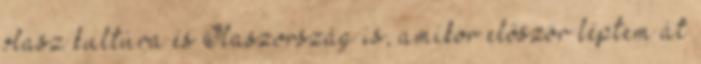
olasz kultúra és Olaszország is, amikor először léptem át
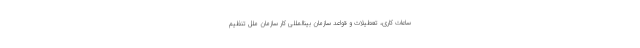
ساعات کاری، تعطیلات و قواعد سازمان بینالمللی کار سازمان ملل تنظیم
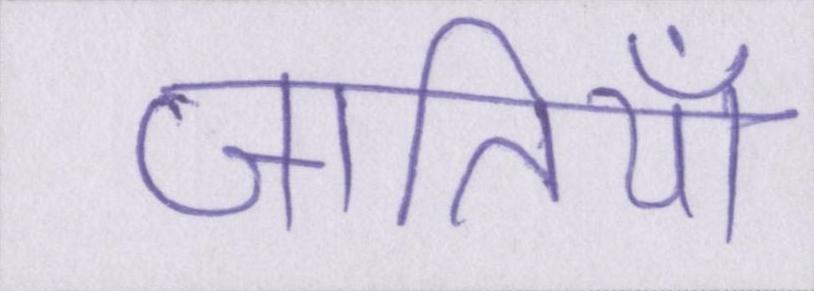
जातियाँ
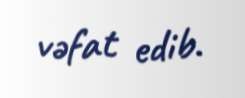
vəfat edib.
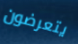
يتعرضون
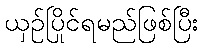
ယှဉ်ပြိုင်ရမည်ဖြစ်ပြီး
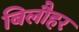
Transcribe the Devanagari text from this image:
बिलौहर
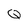
Character: Q
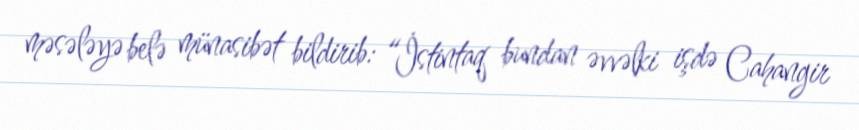
məsələyə belə münasibət bildirib: “İstintaq bundan əvvəlki işdə Cahangir
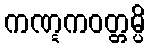
ကဏ္ဋကဝတ္တမ္ပိ
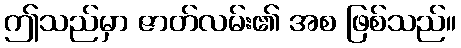
ဤသည်မှာ ဇာတ်လမ်း၏ အစ ဖြစ်သည်။
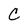
Character: C
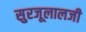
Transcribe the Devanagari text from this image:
सुरजूलालजी
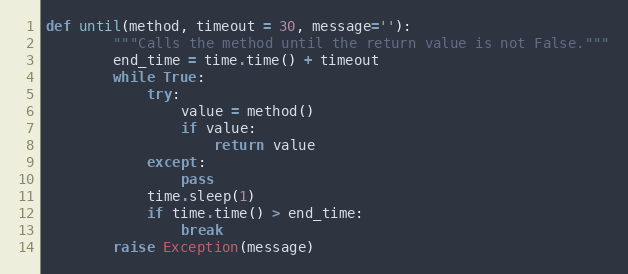
Language: Python
def until(method, timeout = 30, message=''):
        """Calls the method until the return value is not False."""
        end_time = time.time() + timeout
        while True:
            try:
                value = method()
                if value:
                    return value
            except:
                pass
            time.sleep(1)
            if time.time() > end_time:
                break
        raise Exception(message)
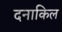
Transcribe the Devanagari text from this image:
दनाकिल
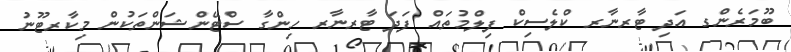
ބޫމަރެންގ އަދި ޓާރނާރ ކްލެސިކް ފިލްމުތައް ފަދަ ޓާރނާރ ހިންގާ ސްޓޭންޝަންތަކުން މިކާރޓޫނު
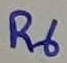
Text: R6
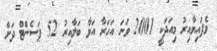
ވެފައިވާއިރު މިއަދަކީ 2001 ވަނަ އަހަރާ އަޅާ ބަލާއިރު 52 ޕަސެންޓް ދަށް
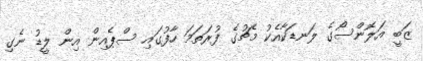
ޒަބީ އަލޮންސޯގެ ލަނޑަކާއެކު މެޗުގެ ފުރަތަމަ ހާފުގައި ސްޕެއިން އިން ލީޑު ނެގި
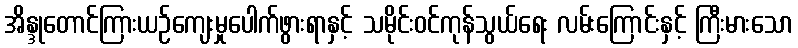
အိန္ဒုတောင်ကြားယဉ်ကျေးမှုပေါက်ဖွားရာနှင့် သမိုင်းဝင်ကုန်သွယ်ရေး လမ်းကြောင်းနှင့် ကြီးမားသော
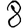
Digit: 8
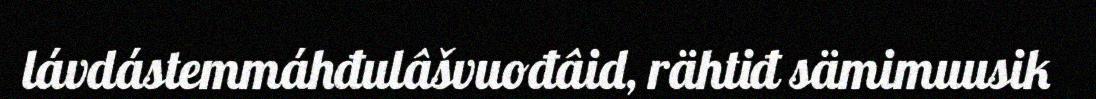
lávdástemmáhđulâšvuođâid, rähtiđ sämimuusik
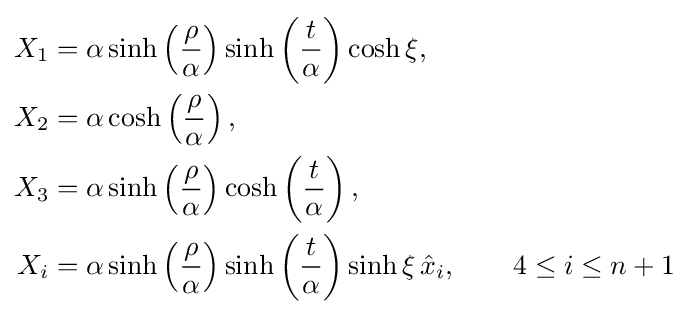
{\begin{aligned}X_{1}&=\alpha \sinh \left({\frac {\rho }{\alpha }}\right)\sinh \left({\frac {t}{\alpha }}\right)\cosh \xi ,\\X_{2}&=\alpha \cosh \left({\frac {\rho }{\alpha }}\right),\\X_{3}&=\alpha \sinh \left({\frac {\rho }{\alpha }}\right)\cosh \left({\frac {t}{\alpha }}\right),\\X_{i}&=\alpha \sinh \left({\frac {\rho }{\alpha }}\right)\sinh \left({\frac {t}{\alpha }}\right)\sinh \xi \,{\hat {x}}_{i},\qquad 4\leq i\leq n+1\end{aligned}}
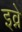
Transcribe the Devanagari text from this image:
इव्ने
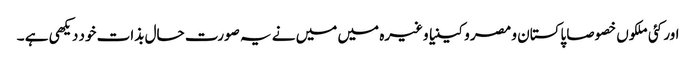
اور کئی ملکوں خصوصا پاکستان و مصر و کینیا وغیرہ میں میں نے یہ صورت حال بذات خود دیکھی ہے ۔
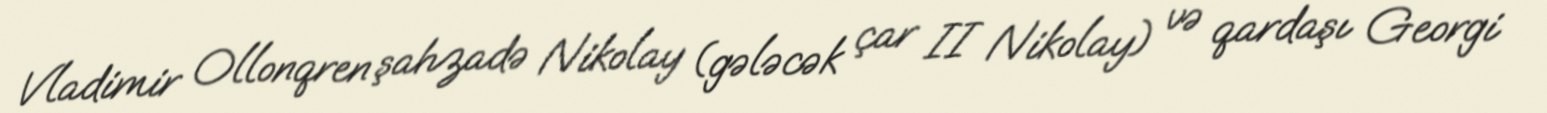
Vladimir Ollonqren şahzadə Nikolay (gələcək çar II Nikolay) və qardaşı Georgi
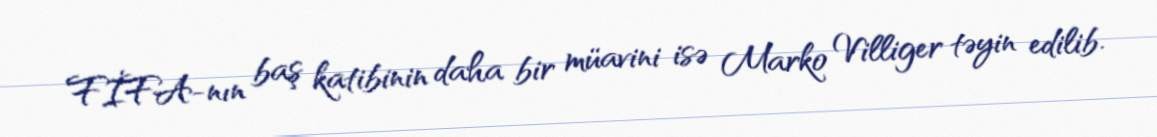
FİFA-nın baş katibinin daha bir müavini isə Marko Villiger təyin edilib.
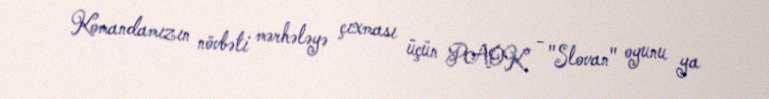
Komandamızın növbəti mərhələyə çıxması üçün PAOK - "Slovan" oyunu ya
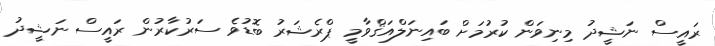
ރައީސް ނަޝީދު މިނިވަން ކުރުމަށް ބައިނަލްއަޤްވާމީ ޕްރެޝަރު ބޮޑުވެ ސަރުކާރުން ރައީސް ނަޝީދު
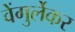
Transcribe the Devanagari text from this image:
वेंगुर्लेकर
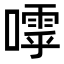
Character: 𡀛
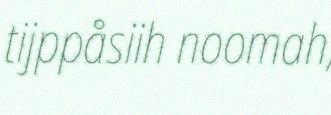
tijppåsiih noomah,
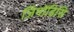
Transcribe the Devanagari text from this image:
जिमॉडिसि
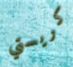
كريستي
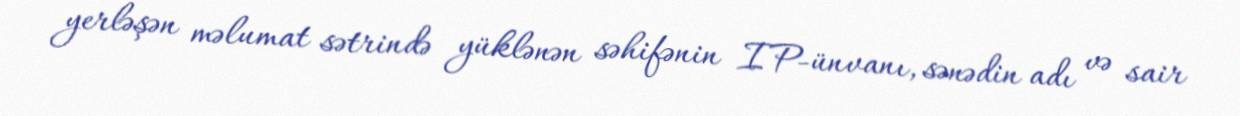
yerləşən məlumat sətrində yüklənən səhifənin IP-ünvanı, sənədin adı və sair
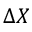
\Delta X
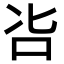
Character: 𠯺
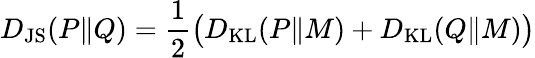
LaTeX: D_{\mathrm{{JS}}}(P\Vert Q)=\frac 12\bigl(D_{\mathrm{{KL}}}(P\Vert M)+D_{\mathrm{{KL}}}(Q\Vert M)\bigr)
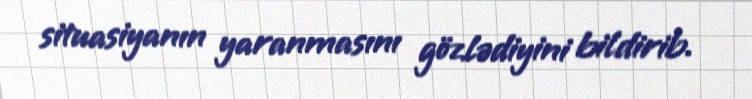
situasiyanın yaranmasını gözlədiyini bildirib.
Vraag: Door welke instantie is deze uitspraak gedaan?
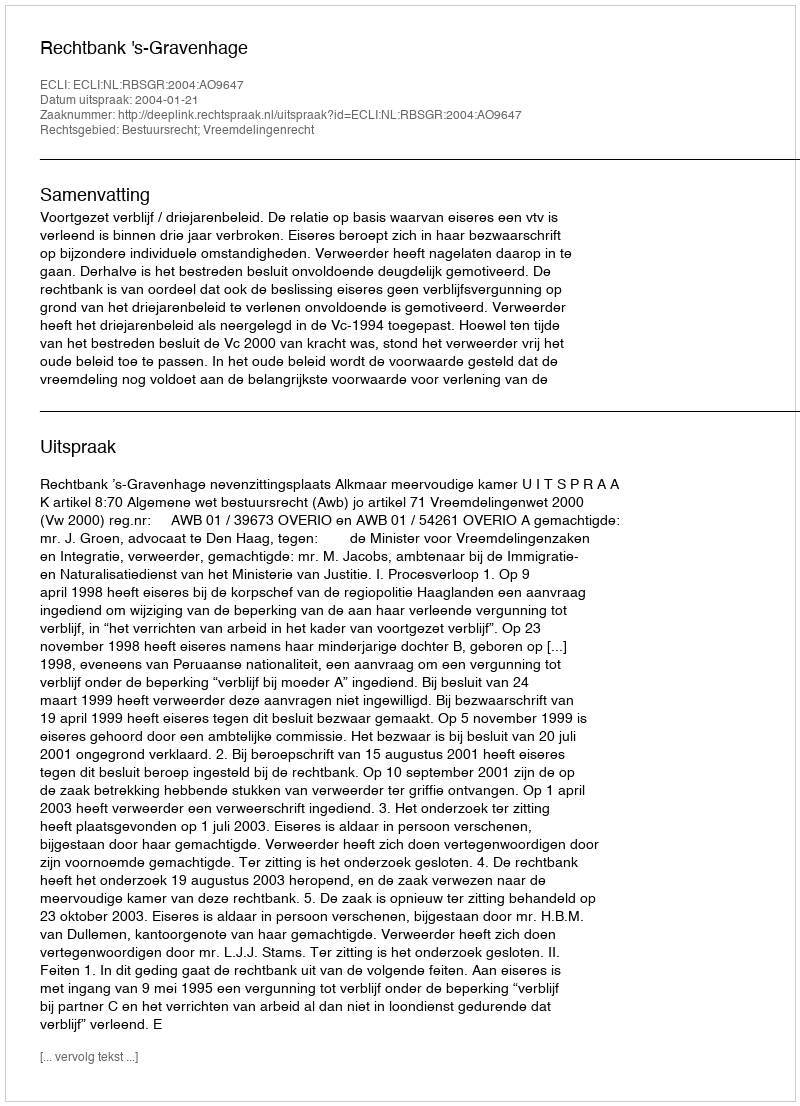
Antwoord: Rechtbank 's-Gravenhage
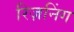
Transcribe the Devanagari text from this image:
रिज़निंग
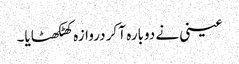
عینی نے دوبارہ آ کر دروازہ کھٹکھٹایا۔
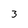
Character: 3
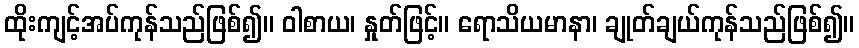
ထိုးကျင့်အပ်ကုန်သည်ဖြစ်၍။ ဝါစာယ၊ နှုတ်ဖြင့်။ ရောသိယမာနာ၊ ချုတ်ချယ်ကုန်သည်ဖြစ်၍။
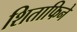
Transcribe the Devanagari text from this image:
शिताफिने
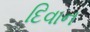
દિવાન
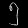
Digit: ၅
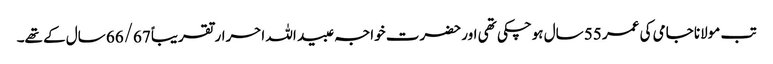
تب مولانا جامی کی عمر 55 سال ہوچکی تھی اور حضرت خواجہ عبید اللہ احرار تقریباً 66/67 سال کے تھے۔
☆ ☆ ☆ ☆ ☆
- [How to complete this task]
From the line with "Character: 𡀛" to the final line of the entries above, reproduce each line exactly and nothing else; the pictures stay out.

- [Result of the task]
Character: 𡀛
tijppåsiih noomah,
Transcribe the Devanagari text from this image:
जिमॉडिसि
كريستي
yerləşən məlumat sətrində yüklənən səhifənin IP-ünvanı, sənədin adı və sair
\Delta X
Character: 𠯺
LaTeX: D_{\mathrm{{JS}}}(P\Vert Q)=\frac 12\bigl(D_{\mathrm{{KL}}}(P\Vert M)+D_{\mathrm{{KL}}}(Q\Vert M)\bigr)
situasiyanın yaranmasını gözlədiyini bildirib.
Vraag: Door welke instantie is deze uitspraak gedaan?
Antwoord: Rechtbank 's-Gravenhage
Transcribe the Devanagari text from this image:
रिज़निंग
عینی نے دوبارہ آ کر دروازہ کھٹکھٹایا۔
Character: 3
ထိုးကျင့်အပ်ကုန်သည်ဖြစ်၍။ ဝါစာယ၊ နှုတ်ဖြင့်။ ရောသိယမာနာ၊ ချုတ်ချယ်ကုန်သည်ဖြစ်၍။
Transcribe the Devanagari text from this image:
शिताफिने
દિવાન
Digit: ၅
تب مولانا جامی کی عمر 55 سال ہوچکی تھی اور حضرت خواجہ عبید اللہ احرار تقریباً 66/67 سال کے تھے۔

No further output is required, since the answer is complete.